Pub Date: Sept. 1st, 1980
Publisher: Crown

South Dakota farmboy Alan Ross discovers sex, journalism, and a sympathetically psychotic cousin in 1930s Minneapolis--as veteran Manfred (Green Earth, etc.) spins another ripe, sprawling, slightly muddleheaded tale. Alan's a near-albino but a nice-looking guy, a fledgling sportswriter, and city women soon come his way: first there's office chum Irene (who turns out to be married); and then there's bright college freshman Jael, whose prim family (except for niece-molesting Uncle Horace) disapproves of young Alan--who, despite initial qualms, does indeed deflower not-so-innocent Jael.
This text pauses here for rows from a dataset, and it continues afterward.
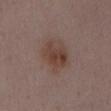Imaged during a routine full-body skin examination; the lesion was not biopsied and no histopathology is available. The tile uses white-light illumination. The patient is a female roughly 30 years of age. Measured at roughly 4.5 mm in maximum diameter. The lesion is located on the chest. Automated image analysis of the tile measured an eccentricity of roughly 0.5. It also reported a mean CIELAB color near L≈41 a*≈17 b*≈23, a lesion–skin lightness drop of about 8, and a normalized lesion–skin contrast near 7.5. A lesion tile, about 15 mm wide, cut from a 3D total-body photograph.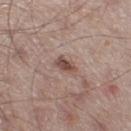The lesion was tiled from a total-body skin photograph and was not biopsied. A male subject, about 65 years old. The lesion is on the leg. This is a white-light tile. The total-body-photography lesion software estimated roughly 11 lightness units darker than nearby skin. A lesion tile, about 15 mm wide, cut from a 3D total-body photograph.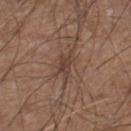Part of a total-body skin-imaging series; this lesion was reviewed on a skin check and was not flagged for biopsy.
This is a white-light tile.
An algorithmic analysis of the crop reported a lesion color around L≈41 a*≈16 b*≈25 in CIELAB and a normalized border contrast of about 6.5. And it measured radial color variation of about 1.
On the leg.
A lesion tile, about 15 mm wide, cut from a 3D total-body photograph.
A male patient approximately 60 years of age.
Approximately 4 mm at its widest.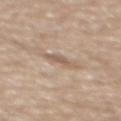{
  "biopsy_status": "not biopsied; imaged during a skin examination",
  "patient": {
    "sex": "male",
    "age_approx": 70
  },
  "lighting": "white-light",
  "lesion_size": {
    "long_diameter_mm_approx": 3.0
  },
  "automated_metrics": {
    "border_irregularity_0_10": 3.5,
    "color_variation_0_10": 0.5,
    "peripheral_color_asymmetry": 0.0,
    "nevus_likeness_0_100": 0,
    "lesion_detection_confidence_0_100": 100
  },
  "site": "mid back",
  "image": {
    "source": "total-body photography crop",
    "field_of_view_mm": 15
  }
}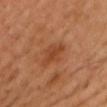workup: catalogued during a skin exam; not biopsied
location: the chest
size: ≈4.5 mm
lighting: cross-polarized illumination
automated metrics: a lesion area of about 6 mm² and an outline eccentricity of about 0.9 (0 = round, 1 = elongated); an automated nevus-likeness rating near 10 out of 100 and a lesion-detection confidence of about 100/100
patient: male, aged approximately 40
imaging modality: ~15 mm tile from a whole-body skin photo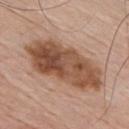The lesion was photographed on a routine skin check and not biopsied; there is no pathology result.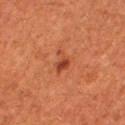Clinical impression:
Imaged during a routine full-body skin examination; the lesion was not biopsied and no histopathology is available.
Clinical summary:
The total-body-photography lesion software estimated border irregularity of about 6 on a 0–10 scale and radial color variation of about 0.5. The software also gave an automated nevus-likeness rating near 70 out of 100 and a lesion-detection confidence of about 100/100. Imaged with cross-polarized lighting. From the right thigh. This image is a 15 mm lesion crop taken from a total-body photograph. A female subject roughly 50 years of age.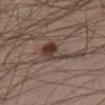No biopsy was performed on this lesion — it was imaged during a full skin examination and was not determined to be concerning. The total-body-photography lesion software estimated a footprint of about 6.5 mm² and a shape eccentricity near 0.85. A 15 mm close-up extracted from a 3D total-body photography capture. About 4.5 mm across. The lesion is located on the right lower leg. The subject is a male about 40 years old.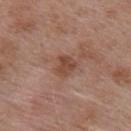biopsy status: no biopsy performed (imaged during a skin exam).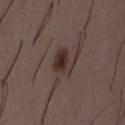Captured during whole-body skin photography for melanoma surveillance; the lesion was not biopsied. The patient is a male roughly 50 years of age. From the abdomen. A roughly 15 mm field-of-view crop from a total-body skin photograph.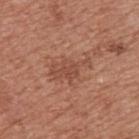Recorded during total-body skin imaging; not selected for excision or biopsy. A region of skin cropped from a whole-body photographic capture, roughly 15 mm wide. From the upper back. A male subject, aged around 55.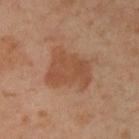Impression:
The lesion was photographed on a routine skin check and not biopsied; there is no pathology result.
Acquisition and patient details:
Measured at roughly 5 mm in maximum diameter. Cropped from a total-body skin-imaging series; the visible field is about 15 mm. Automated tile analysis of the lesion measured a lesion color around L≈50 a*≈22 b*≈33 in CIELAB and a lesion–skin lightness drop of about 8. The analysis additionally found an automated nevus-likeness rating near 55 out of 100 and a detector confidence of about 100 out of 100 that the crop contains a lesion. Captured under cross-polarized illumination. The lesion is on the left lower leg. The subject is a female aged approximately 50.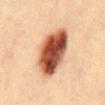| feature | finding |
|---|---|
| histopathology | a dysplastic (Clark) nevus |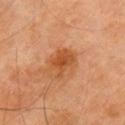This lesion was catalogued during total-body skin photography and was not selected for biopsy.
The recorded lesion diameter is about 3.5 mm.
A 15 mm crop from a total-body photograph taken for skin-cancer surveillance.
The lesion is located on the right upper arm.
A male patient aged approximately 65.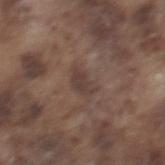Impression:
This lesion was catalogued during total-body skin photography and was not selected for biopsy.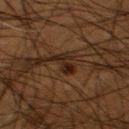This lesion was catalogued during total-body skin photography and was not selected for biopsy. The recorded lesion diameter is about 3 mm. Captured under cross-polarized illumination. The lesion is on the left thigh. Automated tile analysis of the lesion measured a lesion area of about 3.5 mm², an eccentricity of roughly 0.85, and two-axis asymmetry of about 0.5. The analysis additionally found a mean CIELAB color near L≈16 a*≈13 b*≈19. The software also gave border irregularity of about 6.5 on a 0–10 scale and a within-lesion color-variation index near 0.5/10. And it measured a lesion-detection confidence of about 95/100. Cropped from a total-body skin-imaging series; the visible field is about 15 mm. A male patient approximately 50 years of age.

But, in addition to sexual fever (which fades when selfish Jael shows her true colors), Alan has an even greater passion. He has developed an obsession with an imaginary ""haunt"" brother (he had a twin who died), and he feels that he's found this brother in the flesh when he meets ex-farmboy Red Engleking--a sometime boxer who's married to gentle, repressed Jen (another victim of uncle molestation) and who is being driven crazy by his work as a slaughterhouse pig-sticker (evoked here with stomach-churning vividness). Eventually, in fact, Red goes catatonic, stabs Jen nearly to death, and flees--pursued by reporter Alan. And Alan's search reveals that Red is his cousin; that Red's gross farmer-father is the main cause of Red's misery (he branded the un-bloodthirsty lad a coward); and, incidentally, that Alan's mother has always been sexually frigid. Meanwhile, Red is hiding out at a commune of Hutterites--where he learns that the problem with his marriage is that wife Jen is unacquainted with female orgasm. So finally: Red returns, he and now-recovered Jen go to a marriage doc (""Here is where the clitoris is located""), and Alan finds a truer lover than Jael. True, all this thematic emphasis on the stuff of old marriage manuals seems more than a little foolish. And the novel often just rambles as it wends its sometimes uninvolving, not-always-believable way. But, with all these flaws, it's vigorous, virile, grittily atmospheric--and never less than readable.